The Sirius Consensus Protocol
The Sirius Consensus Protocol
L. Golab, W. Golab, C.Gorenflo, S. Gorbunov, S. Keshav, S. Rizvi, and B. Wong
University of Waterloo
1. Introduction
Consensus is widely viewed as the critical bottleneck in building highly-scalable blockchains. Typical consensus protocols cannot support transaction rates of more than about 3500 transacations/s, which is far less than that achieved by centralized database systems. This limits the scope of application of blockchains to some specialized niches.
The goal of the Sirius consensus protocol is to allow Byzantine Fault Tolerance and high transaction rates (our target is 1 million transactions per second) with sub-second latency in a globally-distributed permissioned setting. The protocol can be used as a part of a permissioned blockchain, such as Hyperledger Fabric or Parity Substrate.
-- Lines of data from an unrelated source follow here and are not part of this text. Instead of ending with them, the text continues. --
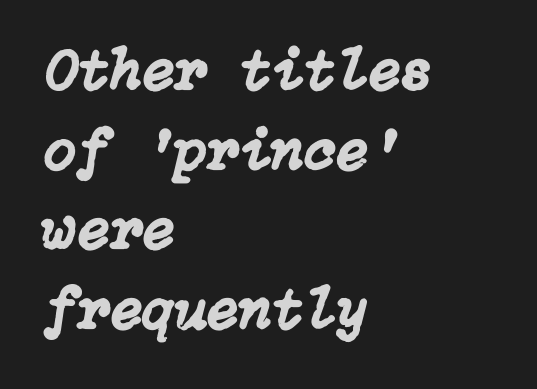
Tracking value appears to be zero — textbook default spacing. The axis of the letterforms is tilted away from vertical. Reading down the block, your eye returns to a fixed left position each line. The line-height multiplier appears to be the usual default.
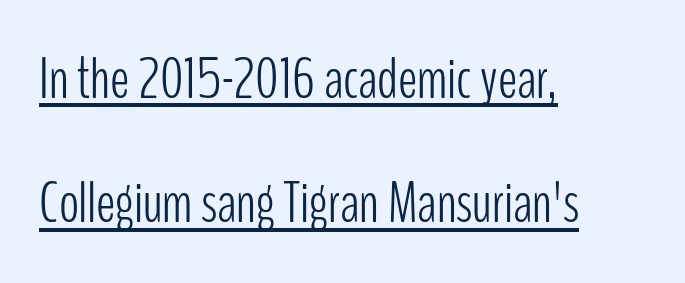
{"serif": "no", "italic": "no", "bold": "no", "weight": "light", "width": "condensed", "stroke_contrast": "low", "x_height": "medium", "monospaced": "no", "underline": "yes", "align": "left", "line_spacing": "loose", "line_spacing_ratio": 2.11, "letter_spacing": "normal", "letter_spacing_em": 0.0, "glyph_px": 59}
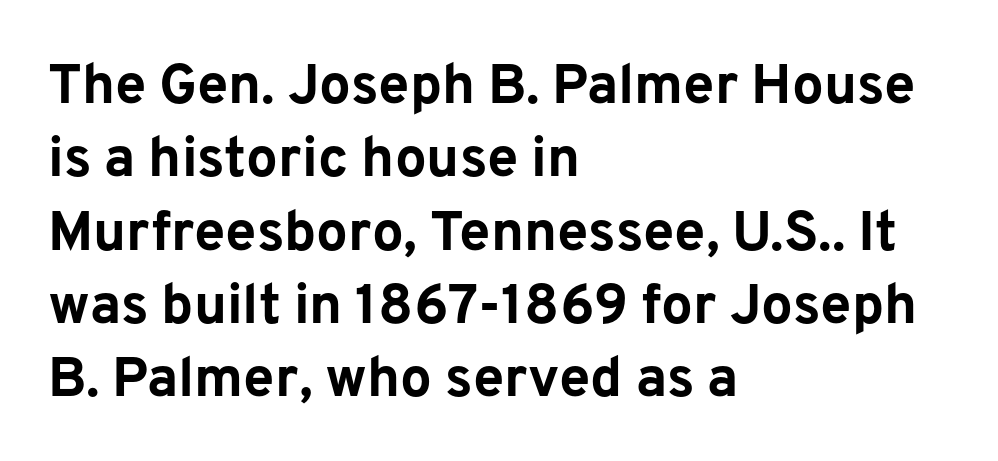
Q: Is the text bold? A: Yes.
Q: Is the text italic (slanted)? A: No, it is upright.
Q: Is the typeface a serif or a sans-serif typeface? A: Sans-serif.
Q: Is the text underlined? A: No.
Q: How is the paragraph aligned? A: Left-aligned.
Q: Is the spacing between letters normal or unusually wide? A: Normal.
Q: Is the spacing between lines tight, normal or loose? A: Normal.
Q: Width (condensed, normal, or wide)? A: Normal.
Q: Stroke contrast? A: Low.
Q: x-height? A: Medium.
Q: Monospaced? A: No.

Due to its plugin design, existing blockchain distributed applications will be able to exploit the scale provided by Sirius with no modification to application code.
In this document, we describe the key ideas in our work and open research areas that we plan to address in the near future.
2. Key ideas
Sirius is an extension of the Canopus consensus protocol [1]. Canopus is a highly-scalable and globally-distributed consensus protocol, originally designed for key-value stores that achieves (with 21 servers) nearly 5 million serializable transactions per second. Since Canopus’s transaction rate increases with increasing numbers of servers, we believe that this rate can be improved by adding more servers.
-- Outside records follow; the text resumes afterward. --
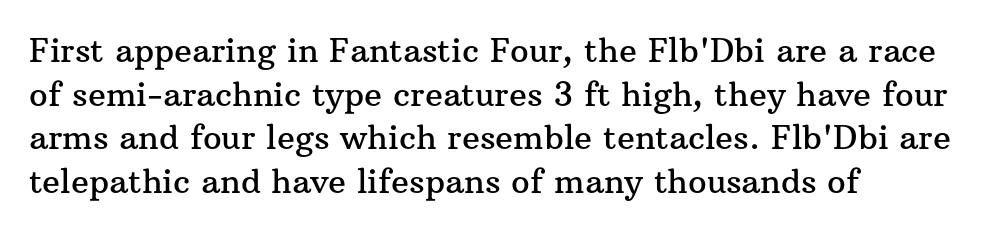
Q: Is the text italic (slanted)? A: No, it is upright.
Q: Is the typeface a serif or a sans-serif typeface? A: Serif.
Q: Is the text underlined? A: No.
Q: How is the paragraph aligned? A: Left-aligned.
Q: Is the spacing between letters normal or unusually wide? A: Normal.
Q: Is the spacing between lines tight, normal or loose? A: Normal.
Q: Width (condensed, normal, or wide)? A: Normal.
Q: Stroke contrast? A: Medium.
Q: x-height? A: Medium.
Q: Monospaced? A: No.

The key intuition behind Canopus is to be topology-aware and force most communication to be local. Specifically, servers are grouped into super-leafs where all members of a super-leaf are preferably in the same datacenter rack and connected to the same switch. This permits low-latency communication between peers in the same super-leaf.
Consensus in Canopus is achieved over multiple rounds of communication. In each round, representatives in every super-leaf fetch progressively higher levels of a hierarchical computation from nodes in other super-leafs. They then share this with their peers. After log n rounds, where n is the total number of nodes (servers), all nodes learn the entire global state, in parallel.
Canopus achieves high scalability by restricting the number of long-distance messages, and pipelining communication over high-latency links. Moreover, all communication is in parallel and the highly-regular communication structure allows high performance despite node and communication failure.
3. Problems with Canopus
Despite its excellent performance, Canopus is not resilient to certain faults. Specifically, Canopus stalls (loses liveness) if an entire super-leaf fails or the network partitions. Moreover, if some nodes have Byzantine failures, Canopus may compute incorrect results. Thus, in these situations, Canopus does not preserve safety or liveness, which is undesirable.
4. Sirius
Sirius addresses the safety and liveness issues with Canopus. Like Canopus, it is topology aware. The set of network nodes is divided into a number of Byzantine groups where all the members in the same group are `close’ to each other (within, say 10ms latency).
Let n be the number of nodes in the smallest Byzantine group and f be the largest number of nodes in any group that can have Byzantine faults. Then, Sirius provides the following guarantees:
1. If in every Byzantine group n > 3f holds and the network eventually recovers from partitions then every non-failed node terminates with the correct global consensus.
2. If n > 3f but the network is permanently partitioned, then every non-failed node in the super-majority partition (i.e., the partition with more than 2/3 of the super-leafs) terminates with the correct global consensus; non-failed nodes in minority partitions stall,
preserving safety at the expense of liveness.
3. If n > 3f does not hold, then neither safety nor liveness can be guaranteed.
To provide these guarantees, Sirius provides mechanisms to recover from (a) super-leaf failures, (b) network partition, and (c) Byzantine failures. These solutions are each complex, and their combination is certainly challenging. Nevertheless, we believe that we found reasonable and pragmatic solutions to all these problems.
We are also designing a highly-scalable data ingestion and analytics platform, compatible with multiple permissioned blockchain implementations, that can be used to store and analyze blockchain transactions at rates of up to 1 million transactions per second. This analytic capability will allow managers and users of distributed applications to mine usage data.
6. Next steps
Our immediate next step is to finalize our design for Sirius and prove its correctness. We will implement Sirius in the context of a permissioned blockchain. We will then integrate this prototype into some sample distributed applications of interest to industry partners, testing our solutions first in pilots, and subsequently at scale. We expect that this will require us to update our design to take into account real-world constraints. Hence, in the future, our plan is to revise Sirius as necessary to make it fully usable in a real-world setting.
References
[1] Rizvi, Sajjad, Bernard Wong, and Srinivasan Keshav. "Canopus: A Scalable and Massively Parallel Consensus Protocol." Proceedings of the 13th International Conference on emerging Networking EXperiments and Technologies. ACM, 2017. A provisional US patent has been filed on the innovative aspects of this work.